# [What the exercise asks]
For each line below with the word "Paintings", write out a copy.

# [The data]
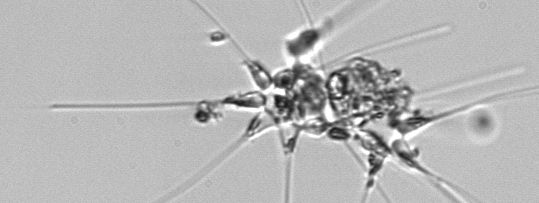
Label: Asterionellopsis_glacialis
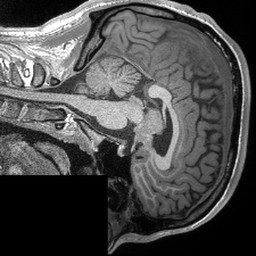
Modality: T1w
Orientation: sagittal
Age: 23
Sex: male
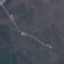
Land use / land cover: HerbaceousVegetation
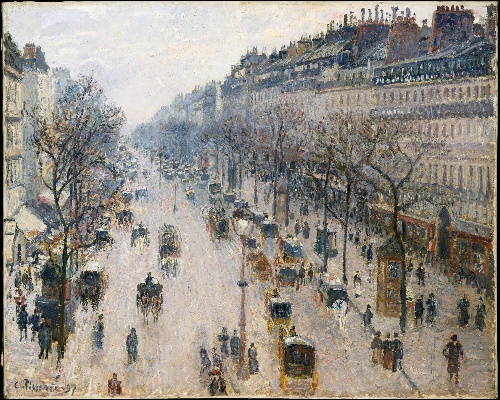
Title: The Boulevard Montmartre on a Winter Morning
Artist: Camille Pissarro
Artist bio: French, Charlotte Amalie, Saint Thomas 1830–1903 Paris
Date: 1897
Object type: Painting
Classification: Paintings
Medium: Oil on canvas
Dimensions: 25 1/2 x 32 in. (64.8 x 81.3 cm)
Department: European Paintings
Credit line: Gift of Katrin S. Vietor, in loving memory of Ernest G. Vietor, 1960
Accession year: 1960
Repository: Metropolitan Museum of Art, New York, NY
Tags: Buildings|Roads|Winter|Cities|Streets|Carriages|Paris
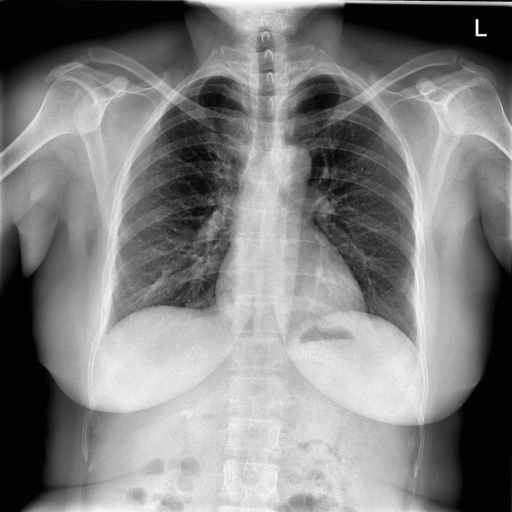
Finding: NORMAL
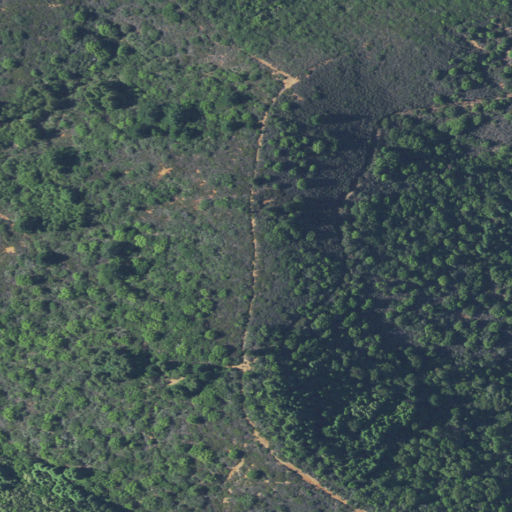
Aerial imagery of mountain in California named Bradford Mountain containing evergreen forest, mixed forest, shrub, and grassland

# [Exercise solution]
Classification: Paintings
Department: European Paintings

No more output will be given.